Malutka,wysterylizowana kotka-Mińsk Maz. chyba zostanie u E.

Koty i kotki do adopcji

Moderatorzy: Estraven, LimLim, Moderatorzy

Post » Czw paź 04, 2007 15:23

Marcelinaa pisze:Mimisiu ona nie jest "zwyczajna" to koteczka śliczności. Wygląda jak bliźniaczka mojej Wisienki.
Musi znaleźć domek, ogłaszałaś ją na minskim forum ?
Tez jestem z Minska :D


Tak, ogłaszałam ją na mińskim forum, na gazecie i na www.minskmaz.com.pl w ogłoszeniach: oddam za darmo.

Wiem, że jesteś z MM, kiedyś odpowiedziałaś na mój wątek, gdy szukałam domu rynkowym maluchom.

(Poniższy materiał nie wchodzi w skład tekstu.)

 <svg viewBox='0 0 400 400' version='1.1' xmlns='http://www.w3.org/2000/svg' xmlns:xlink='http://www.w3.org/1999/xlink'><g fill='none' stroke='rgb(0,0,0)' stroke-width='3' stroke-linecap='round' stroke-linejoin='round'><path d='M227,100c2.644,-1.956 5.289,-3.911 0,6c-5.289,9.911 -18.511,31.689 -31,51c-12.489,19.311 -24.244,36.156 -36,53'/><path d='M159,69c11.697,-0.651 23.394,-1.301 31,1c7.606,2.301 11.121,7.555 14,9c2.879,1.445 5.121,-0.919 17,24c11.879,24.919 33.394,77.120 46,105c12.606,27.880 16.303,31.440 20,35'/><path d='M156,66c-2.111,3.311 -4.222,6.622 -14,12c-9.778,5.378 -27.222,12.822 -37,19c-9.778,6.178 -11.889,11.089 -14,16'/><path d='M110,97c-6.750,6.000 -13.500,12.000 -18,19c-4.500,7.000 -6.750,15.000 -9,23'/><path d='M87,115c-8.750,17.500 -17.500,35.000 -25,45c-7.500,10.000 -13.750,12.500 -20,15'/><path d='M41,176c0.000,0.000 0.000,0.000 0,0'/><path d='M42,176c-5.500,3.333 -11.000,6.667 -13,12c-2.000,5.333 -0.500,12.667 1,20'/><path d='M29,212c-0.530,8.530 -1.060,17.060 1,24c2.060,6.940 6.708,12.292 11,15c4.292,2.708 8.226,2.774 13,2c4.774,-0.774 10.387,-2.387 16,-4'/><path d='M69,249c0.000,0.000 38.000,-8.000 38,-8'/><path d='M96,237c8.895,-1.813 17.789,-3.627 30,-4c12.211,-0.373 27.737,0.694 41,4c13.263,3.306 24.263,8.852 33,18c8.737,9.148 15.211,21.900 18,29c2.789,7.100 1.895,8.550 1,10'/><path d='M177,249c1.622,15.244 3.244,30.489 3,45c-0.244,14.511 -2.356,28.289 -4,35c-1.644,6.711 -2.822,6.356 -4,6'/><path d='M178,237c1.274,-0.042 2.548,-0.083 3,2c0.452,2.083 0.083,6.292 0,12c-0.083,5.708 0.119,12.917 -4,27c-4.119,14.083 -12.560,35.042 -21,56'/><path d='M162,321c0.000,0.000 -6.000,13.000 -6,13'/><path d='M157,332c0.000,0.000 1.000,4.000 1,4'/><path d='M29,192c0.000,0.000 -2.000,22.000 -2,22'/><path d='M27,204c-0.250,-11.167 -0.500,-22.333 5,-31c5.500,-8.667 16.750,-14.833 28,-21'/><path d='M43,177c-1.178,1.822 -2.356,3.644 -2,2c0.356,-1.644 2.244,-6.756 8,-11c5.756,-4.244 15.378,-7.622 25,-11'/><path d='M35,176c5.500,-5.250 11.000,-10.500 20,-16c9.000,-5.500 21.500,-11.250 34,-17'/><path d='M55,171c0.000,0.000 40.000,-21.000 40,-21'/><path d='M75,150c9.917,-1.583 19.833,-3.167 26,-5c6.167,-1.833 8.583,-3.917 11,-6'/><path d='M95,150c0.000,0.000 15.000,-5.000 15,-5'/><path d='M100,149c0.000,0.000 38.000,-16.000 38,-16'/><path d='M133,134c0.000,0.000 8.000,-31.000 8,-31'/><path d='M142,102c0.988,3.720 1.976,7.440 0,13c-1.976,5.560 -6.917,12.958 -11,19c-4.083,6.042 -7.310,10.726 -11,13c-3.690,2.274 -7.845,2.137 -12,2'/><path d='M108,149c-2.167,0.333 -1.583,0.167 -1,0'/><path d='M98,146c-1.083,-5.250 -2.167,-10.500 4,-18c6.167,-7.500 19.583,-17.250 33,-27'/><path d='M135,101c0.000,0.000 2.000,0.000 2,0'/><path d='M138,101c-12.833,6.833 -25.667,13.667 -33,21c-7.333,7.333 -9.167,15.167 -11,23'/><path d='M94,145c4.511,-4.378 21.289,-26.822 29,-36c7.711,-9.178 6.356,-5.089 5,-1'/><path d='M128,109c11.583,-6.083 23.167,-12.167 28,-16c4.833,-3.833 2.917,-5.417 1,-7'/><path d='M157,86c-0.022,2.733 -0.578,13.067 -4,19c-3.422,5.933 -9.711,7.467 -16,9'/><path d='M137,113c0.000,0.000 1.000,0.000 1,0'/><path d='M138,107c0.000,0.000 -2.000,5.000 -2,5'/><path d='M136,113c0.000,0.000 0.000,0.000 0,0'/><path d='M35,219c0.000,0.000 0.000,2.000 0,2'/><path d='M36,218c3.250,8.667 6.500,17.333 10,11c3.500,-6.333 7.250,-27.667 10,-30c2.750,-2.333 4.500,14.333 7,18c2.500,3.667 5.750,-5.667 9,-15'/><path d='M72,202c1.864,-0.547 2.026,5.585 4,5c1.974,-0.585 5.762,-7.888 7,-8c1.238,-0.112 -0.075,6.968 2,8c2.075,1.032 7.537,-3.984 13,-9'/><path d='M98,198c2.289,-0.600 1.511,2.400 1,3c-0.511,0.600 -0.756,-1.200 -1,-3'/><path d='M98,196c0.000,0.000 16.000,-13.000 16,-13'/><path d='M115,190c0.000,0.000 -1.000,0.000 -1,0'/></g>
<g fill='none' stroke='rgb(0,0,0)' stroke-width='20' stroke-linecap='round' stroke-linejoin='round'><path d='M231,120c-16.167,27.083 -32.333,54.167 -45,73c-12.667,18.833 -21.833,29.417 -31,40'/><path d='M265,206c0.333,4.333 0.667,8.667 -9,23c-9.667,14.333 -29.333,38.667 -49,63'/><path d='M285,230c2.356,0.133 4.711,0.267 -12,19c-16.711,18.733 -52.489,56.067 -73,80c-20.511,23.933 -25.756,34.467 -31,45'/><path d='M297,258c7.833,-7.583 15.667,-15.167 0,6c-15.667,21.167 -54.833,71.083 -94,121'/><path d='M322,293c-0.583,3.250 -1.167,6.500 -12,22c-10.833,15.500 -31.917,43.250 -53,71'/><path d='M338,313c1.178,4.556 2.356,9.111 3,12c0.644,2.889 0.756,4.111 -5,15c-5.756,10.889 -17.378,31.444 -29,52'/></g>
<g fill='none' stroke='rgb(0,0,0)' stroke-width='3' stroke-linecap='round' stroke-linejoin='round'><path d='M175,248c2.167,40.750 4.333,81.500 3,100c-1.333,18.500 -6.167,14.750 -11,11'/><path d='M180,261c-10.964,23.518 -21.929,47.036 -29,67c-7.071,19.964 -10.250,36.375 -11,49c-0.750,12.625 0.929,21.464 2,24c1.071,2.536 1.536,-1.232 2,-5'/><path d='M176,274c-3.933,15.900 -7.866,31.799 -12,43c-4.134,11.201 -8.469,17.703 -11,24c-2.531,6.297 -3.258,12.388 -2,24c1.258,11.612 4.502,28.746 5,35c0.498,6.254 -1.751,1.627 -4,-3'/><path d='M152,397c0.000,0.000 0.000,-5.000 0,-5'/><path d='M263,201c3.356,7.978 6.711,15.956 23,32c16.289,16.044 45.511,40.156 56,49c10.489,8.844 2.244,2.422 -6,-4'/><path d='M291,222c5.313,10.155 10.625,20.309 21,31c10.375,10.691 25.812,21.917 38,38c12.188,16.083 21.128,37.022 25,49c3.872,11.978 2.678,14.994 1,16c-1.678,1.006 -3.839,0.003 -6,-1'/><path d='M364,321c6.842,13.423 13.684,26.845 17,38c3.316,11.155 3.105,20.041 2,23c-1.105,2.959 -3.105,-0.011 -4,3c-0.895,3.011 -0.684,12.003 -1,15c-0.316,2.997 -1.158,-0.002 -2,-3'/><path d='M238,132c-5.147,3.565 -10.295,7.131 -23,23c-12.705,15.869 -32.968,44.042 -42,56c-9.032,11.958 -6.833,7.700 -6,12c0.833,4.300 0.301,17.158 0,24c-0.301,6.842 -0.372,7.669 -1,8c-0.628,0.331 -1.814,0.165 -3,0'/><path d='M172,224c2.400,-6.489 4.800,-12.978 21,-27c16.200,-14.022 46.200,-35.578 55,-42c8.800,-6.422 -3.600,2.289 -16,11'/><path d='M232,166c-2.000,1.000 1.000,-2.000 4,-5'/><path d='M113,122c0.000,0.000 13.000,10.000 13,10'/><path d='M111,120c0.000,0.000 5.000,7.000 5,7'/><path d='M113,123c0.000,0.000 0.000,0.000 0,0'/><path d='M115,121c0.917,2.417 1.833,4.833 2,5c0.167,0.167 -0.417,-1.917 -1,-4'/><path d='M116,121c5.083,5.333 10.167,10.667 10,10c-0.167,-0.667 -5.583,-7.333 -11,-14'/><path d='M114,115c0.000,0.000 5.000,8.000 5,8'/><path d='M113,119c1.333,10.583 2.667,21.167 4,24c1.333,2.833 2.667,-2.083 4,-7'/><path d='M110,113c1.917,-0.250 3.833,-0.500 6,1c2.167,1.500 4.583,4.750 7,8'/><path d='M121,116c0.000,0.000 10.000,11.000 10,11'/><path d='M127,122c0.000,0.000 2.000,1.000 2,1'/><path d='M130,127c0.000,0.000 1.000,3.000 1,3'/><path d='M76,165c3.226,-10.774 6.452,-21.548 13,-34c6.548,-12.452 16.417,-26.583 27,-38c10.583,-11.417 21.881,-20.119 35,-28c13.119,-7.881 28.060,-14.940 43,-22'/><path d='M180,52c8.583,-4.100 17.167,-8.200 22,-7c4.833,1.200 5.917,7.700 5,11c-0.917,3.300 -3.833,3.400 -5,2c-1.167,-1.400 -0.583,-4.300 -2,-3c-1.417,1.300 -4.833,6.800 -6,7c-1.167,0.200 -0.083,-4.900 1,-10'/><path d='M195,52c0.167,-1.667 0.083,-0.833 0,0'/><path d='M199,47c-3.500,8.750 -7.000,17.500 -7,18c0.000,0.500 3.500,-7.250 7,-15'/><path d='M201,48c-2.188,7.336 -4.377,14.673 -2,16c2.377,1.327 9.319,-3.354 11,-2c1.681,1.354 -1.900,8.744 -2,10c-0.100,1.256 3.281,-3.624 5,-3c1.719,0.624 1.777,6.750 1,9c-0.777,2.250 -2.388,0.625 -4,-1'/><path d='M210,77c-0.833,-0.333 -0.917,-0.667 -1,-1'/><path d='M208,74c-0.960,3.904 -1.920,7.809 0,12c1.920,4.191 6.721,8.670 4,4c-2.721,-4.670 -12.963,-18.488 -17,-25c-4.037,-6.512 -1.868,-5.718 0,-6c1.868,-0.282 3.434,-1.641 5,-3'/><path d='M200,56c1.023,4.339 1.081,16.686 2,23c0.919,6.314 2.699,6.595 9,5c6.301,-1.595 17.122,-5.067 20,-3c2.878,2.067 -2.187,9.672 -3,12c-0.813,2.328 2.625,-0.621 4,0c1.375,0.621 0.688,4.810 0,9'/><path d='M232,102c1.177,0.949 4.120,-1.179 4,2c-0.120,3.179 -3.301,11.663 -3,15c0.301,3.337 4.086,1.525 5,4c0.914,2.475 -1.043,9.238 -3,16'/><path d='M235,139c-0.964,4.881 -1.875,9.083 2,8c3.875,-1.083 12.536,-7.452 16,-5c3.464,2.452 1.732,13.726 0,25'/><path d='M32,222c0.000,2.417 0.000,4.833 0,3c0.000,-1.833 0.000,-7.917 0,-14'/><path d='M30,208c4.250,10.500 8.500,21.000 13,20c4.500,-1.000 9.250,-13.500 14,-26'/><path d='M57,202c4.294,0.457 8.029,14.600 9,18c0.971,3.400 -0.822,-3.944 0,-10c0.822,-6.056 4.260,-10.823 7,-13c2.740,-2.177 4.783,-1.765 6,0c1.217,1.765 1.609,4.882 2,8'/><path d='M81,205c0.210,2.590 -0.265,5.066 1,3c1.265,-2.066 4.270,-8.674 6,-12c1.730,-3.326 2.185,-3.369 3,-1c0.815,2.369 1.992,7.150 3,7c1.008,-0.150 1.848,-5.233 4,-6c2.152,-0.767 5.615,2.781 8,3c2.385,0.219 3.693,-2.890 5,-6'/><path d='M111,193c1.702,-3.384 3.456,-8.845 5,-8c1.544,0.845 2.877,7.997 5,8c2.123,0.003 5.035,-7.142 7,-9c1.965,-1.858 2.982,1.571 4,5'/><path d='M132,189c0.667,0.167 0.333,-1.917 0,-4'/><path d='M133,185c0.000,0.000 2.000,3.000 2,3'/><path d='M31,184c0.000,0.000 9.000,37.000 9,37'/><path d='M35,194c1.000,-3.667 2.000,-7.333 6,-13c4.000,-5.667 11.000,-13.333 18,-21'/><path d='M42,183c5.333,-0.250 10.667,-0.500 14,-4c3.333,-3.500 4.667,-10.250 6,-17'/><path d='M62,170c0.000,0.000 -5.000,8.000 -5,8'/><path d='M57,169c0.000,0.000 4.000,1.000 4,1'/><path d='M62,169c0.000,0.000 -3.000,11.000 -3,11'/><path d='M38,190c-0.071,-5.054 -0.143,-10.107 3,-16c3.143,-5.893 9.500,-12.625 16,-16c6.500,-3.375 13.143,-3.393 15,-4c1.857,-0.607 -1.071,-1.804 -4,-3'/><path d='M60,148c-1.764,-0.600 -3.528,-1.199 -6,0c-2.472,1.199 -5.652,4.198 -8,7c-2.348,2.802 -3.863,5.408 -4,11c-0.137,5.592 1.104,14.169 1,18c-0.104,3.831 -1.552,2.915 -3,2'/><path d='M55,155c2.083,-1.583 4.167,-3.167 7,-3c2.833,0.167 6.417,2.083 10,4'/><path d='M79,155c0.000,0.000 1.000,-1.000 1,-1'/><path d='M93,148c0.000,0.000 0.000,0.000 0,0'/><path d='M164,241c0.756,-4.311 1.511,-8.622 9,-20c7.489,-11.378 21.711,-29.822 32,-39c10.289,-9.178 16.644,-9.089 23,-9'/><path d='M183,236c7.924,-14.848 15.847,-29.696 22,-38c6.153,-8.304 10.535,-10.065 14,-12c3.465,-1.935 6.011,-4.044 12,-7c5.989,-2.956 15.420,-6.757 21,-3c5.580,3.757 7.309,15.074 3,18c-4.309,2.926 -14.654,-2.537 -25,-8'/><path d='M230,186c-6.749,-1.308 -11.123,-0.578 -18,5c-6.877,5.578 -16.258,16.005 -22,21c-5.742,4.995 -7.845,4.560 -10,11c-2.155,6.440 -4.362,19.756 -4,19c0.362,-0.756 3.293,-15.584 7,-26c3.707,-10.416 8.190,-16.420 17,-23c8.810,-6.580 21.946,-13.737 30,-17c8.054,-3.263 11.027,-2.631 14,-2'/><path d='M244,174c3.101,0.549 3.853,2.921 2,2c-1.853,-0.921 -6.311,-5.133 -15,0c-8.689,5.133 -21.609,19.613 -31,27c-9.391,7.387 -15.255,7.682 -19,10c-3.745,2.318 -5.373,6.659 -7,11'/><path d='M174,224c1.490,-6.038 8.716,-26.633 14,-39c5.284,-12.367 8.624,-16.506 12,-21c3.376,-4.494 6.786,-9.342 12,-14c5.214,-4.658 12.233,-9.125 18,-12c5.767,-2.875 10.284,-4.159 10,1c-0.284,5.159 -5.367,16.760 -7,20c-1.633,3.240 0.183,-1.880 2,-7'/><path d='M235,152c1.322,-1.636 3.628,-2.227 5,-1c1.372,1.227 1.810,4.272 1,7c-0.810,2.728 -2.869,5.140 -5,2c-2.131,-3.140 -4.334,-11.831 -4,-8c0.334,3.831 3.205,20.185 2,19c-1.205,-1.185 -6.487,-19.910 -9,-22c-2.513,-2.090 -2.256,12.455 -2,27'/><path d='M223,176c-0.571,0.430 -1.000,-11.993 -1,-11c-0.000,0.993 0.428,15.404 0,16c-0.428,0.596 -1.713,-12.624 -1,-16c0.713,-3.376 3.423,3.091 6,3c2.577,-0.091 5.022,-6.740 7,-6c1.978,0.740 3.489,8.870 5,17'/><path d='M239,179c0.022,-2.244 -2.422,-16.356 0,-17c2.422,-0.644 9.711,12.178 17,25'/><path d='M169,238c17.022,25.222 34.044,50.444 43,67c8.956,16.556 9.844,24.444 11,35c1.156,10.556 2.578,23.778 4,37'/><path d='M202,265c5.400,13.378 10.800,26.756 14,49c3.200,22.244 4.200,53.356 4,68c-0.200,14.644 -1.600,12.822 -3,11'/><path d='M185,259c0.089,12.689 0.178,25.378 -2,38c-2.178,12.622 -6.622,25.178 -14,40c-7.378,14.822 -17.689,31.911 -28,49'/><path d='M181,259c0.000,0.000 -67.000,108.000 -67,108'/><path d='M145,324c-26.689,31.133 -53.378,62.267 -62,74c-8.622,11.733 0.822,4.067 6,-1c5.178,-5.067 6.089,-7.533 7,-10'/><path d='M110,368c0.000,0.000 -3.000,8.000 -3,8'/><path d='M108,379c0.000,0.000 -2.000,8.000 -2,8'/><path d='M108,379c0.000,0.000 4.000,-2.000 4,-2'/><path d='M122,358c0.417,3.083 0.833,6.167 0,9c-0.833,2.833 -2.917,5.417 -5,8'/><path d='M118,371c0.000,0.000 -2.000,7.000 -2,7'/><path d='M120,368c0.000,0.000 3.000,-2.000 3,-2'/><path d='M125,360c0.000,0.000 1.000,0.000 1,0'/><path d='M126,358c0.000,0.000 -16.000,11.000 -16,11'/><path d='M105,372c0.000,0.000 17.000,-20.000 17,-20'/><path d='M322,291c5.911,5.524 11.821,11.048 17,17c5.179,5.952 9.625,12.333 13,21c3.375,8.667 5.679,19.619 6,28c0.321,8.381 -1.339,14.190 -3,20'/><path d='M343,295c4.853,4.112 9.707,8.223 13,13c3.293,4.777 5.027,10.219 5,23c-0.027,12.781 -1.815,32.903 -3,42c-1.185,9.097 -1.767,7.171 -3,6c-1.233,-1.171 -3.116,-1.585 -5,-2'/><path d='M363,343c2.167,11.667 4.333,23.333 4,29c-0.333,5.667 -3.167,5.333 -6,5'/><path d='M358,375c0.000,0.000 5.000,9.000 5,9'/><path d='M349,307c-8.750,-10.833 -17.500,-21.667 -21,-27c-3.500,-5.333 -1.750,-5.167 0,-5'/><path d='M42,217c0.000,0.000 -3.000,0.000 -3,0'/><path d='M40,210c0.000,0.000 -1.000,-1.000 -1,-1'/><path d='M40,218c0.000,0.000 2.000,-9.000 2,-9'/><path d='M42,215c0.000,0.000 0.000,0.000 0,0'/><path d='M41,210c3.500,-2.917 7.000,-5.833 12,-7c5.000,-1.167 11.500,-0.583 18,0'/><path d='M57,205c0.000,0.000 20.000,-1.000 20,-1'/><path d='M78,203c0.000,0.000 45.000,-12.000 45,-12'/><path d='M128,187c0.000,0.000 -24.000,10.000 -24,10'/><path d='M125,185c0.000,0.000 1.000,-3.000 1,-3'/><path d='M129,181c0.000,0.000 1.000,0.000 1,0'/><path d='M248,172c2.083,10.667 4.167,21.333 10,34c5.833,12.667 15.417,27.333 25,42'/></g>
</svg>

Kitka dziękuje za komplement :D

Mimisia

 
Posty: 7221
Od: Nie lut 05, 2006 11:27
Lokalizacja: Mińsk Mazowiecki

Post » Pt paź 05, 2007 8:40

Rozpytywałam, namawialam, ale domki jakieś oporne. Namyślają sie.

Marcelinaa

 
Posty: 270
Od: Nie sty 14, 2007 13:10
Lokalizacja: Mazowsze

Post » Pt paź 05, 2007 9:54

Marcelinaa pisze:Rozpytywałam, namawialam, ale domki jakieś oporne. Namyślają sie.


Dziękuję za wsparcie:)

Mimisia

 
Posty: 7221
Od: Nie lut 05, 2006 11:27
Lokalizacja: Mińsk Mazowiecki

Post » Pon paź 08, 2007 7:35

Malutka się przypomina. Wczoraj ją widziałam, nie jest już taka malutka, nabrała ciałka :) Trochę się o nią martwię, bo bardzo jej podrósł brzuszek i jest taki twardy, nie wiem, może z przejedzenia.
W ciąży na pewno nie jest. W każdym razie jest niezmiennie urocza i grzeczna.
Komu Małą Księżniczkę???

Mimisia

 
Posty: 7221
Od: Nie lut 05, 2006 11:27
Lokalizacja: Mińsk Mazowiecki

Post » Śro paź 10, 2007 7:44

Szukamy domku :D

Mimisia

 
Posty: 7221
Od: Nie lut 05, 2006 11:27
Lokalizacja: Mińsk Mazowiecki

Post » Czw paź 11, 2007 0:12

bardzo przydałyby się nowe zdjęcia tej kociej ślicznotki
może wtedy domek szybciej się znajdzie
a czy mała jest ogłoszona na miau w dziale adopcje ?

jak będą aktualne fotki to może poproś Mimisiu o piękny bannerek
na wątku bannerkowym w dziale Koci-łapci (jest na samej górze)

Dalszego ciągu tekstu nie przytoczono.